In addition to the common complaint of restless sleep and frequent awakenings, up to half of patients with OSAHS report nocturnal sweating that typically occurs in the neck and upper chest area.41,42 This symptom is likely due to the increased work of breathing and respiratory effort in the setting of repetitive airway obstruction,50 but may also be a manifestation of the autonomic instability observed in OSAHS. Similar to dyspnea, nocturnal diaphoresis is a highly non-specific symptom with a broad differential diagnosis, including perimenopausal state, thyroid disease, tuberculosis, lymphoma, and myriad other co-morbid conditions that warrant further investigation.51

Gastroesophageal reflux (GER) also occurs with greater frequency in patients with OSAHS with prevalence rates of 64–73%, but appears to be unrelated to the severity of SDB.52,53 As GER and OSA share several risk factors, the exact relationship between the two entities has been difficult to characterize. However, it has been postulated that OSAHS may contribute to GER via the following mechanism: upper airway obstruction results in increased intraabdominal pressure combined with more negative intrathoracic pressure that produces an increased transdiaphragmatic pressure gradient, thereby promoting reflux of gastric contents into esophagus.50 In a long-term study of 331 patients, treatment of OSAHS with nasal positive pressure resulted in a 48% decrease in the frequency of nocturnal GER symptoms with higher pressures being associated with greater improvement, suggesting that OSAHS may indeed be a causal factor in nocturnal gastroesophageal reflux.54

Nocturia has also been observed with increased frequency in OSAHS with a reported 28% of patients experiencing four to seven episodes nightly.55 The presence and frequency of nocturia have been shown to be related to the severity of OSA,55,56 and the proposed physiologic mechanisms include increased atrial natriuretic peptide secretion with a corresponding increase in total urine output,57 or an increase in intraabdominal pressure. One study of 80 patients showed that although a majority of nocturnal awakenings were actually due to sleep-related phenomena (78.3% of 121 total awakenings), patients voluntarily urinated with each arousal and were only able to identify the correct source of the awakenings in five instances (4.9%).58 These data show that patients mistakenly attributed their arousals to need to urinate when they were in fact due to SDB, suggesting that patient misperception may be a contributing factor to the increased frequency of reported nocturia in OSAHS.

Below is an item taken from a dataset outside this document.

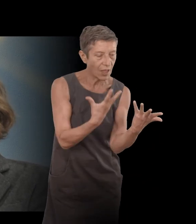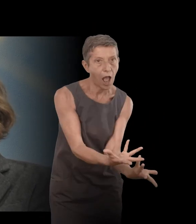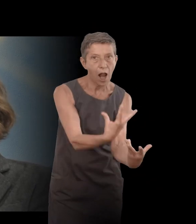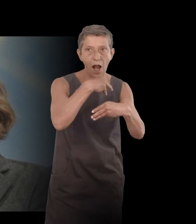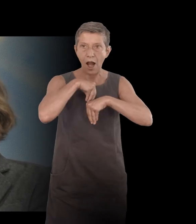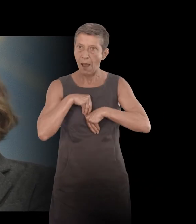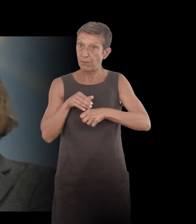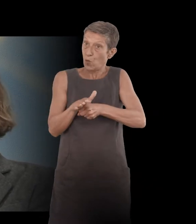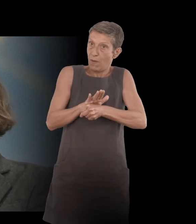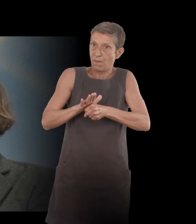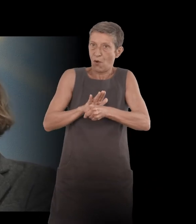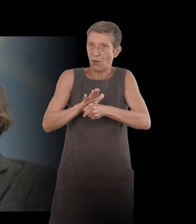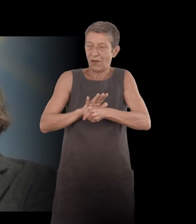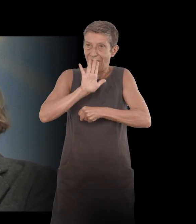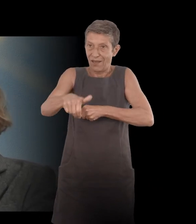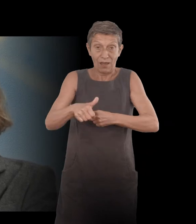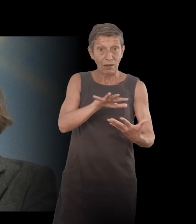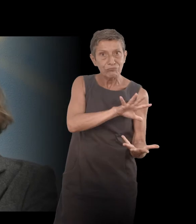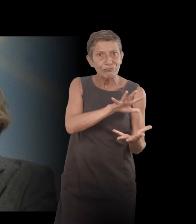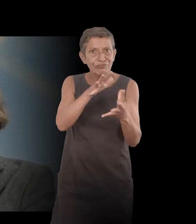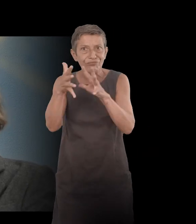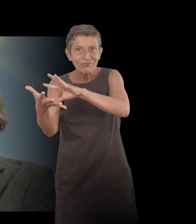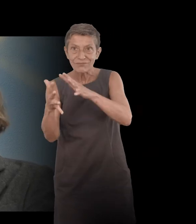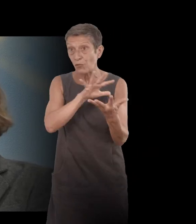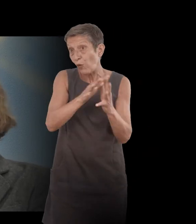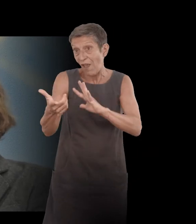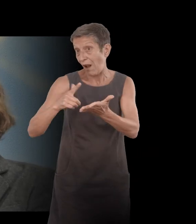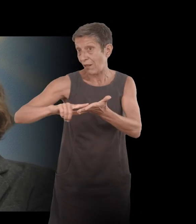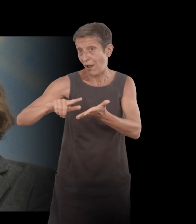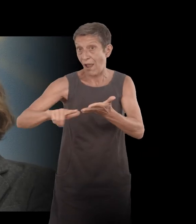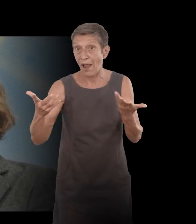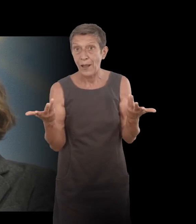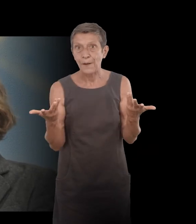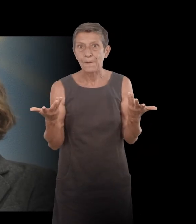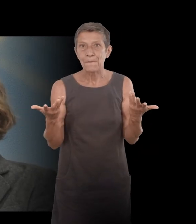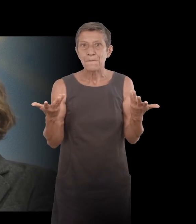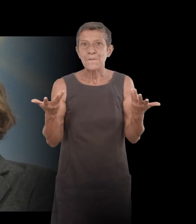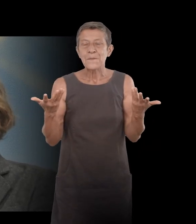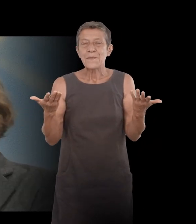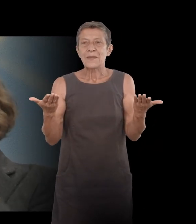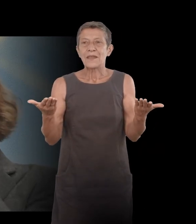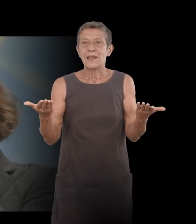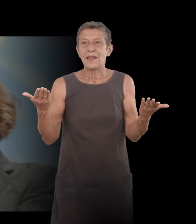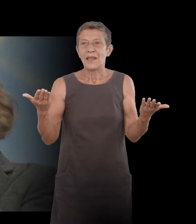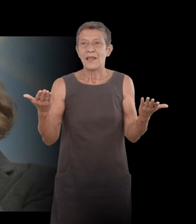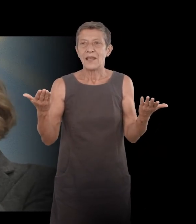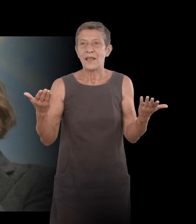Et il est devenu autre chose. Il est devenu littérature. Et c'était... Je pense que c'est un des premiers textes que j'ai écrits.

While the nocturnal symptoms of OSAHS are characteristic and tend to be more specific for the disease, the common daytime symptoms are less specific as they can result from abnormal sleep of any cause. Excessive daytime sleepiness (EDS) is the most common daytime complaint in patients with OSAHS;30,35,41 however, as 30–50% of the general population also report moderate to severe sleepiness,8,59 this symptom alone is a poor predictor of OSAHS. EDS is caused by sleep fragmentation leading to frequent arousals and insufficient sleep;40 it is manifested by the inappropriate urge to sleep, particularly during relaxing, sedentary activities (i.e. watching television, reading). As it worsens, the inability to control sleepiness can result in dozing during meetings, active conversations, and at mealtimes. When severe, EDS can be a cause of motor vehicle and machinery accidents, poor school or job performance, and relationship discord.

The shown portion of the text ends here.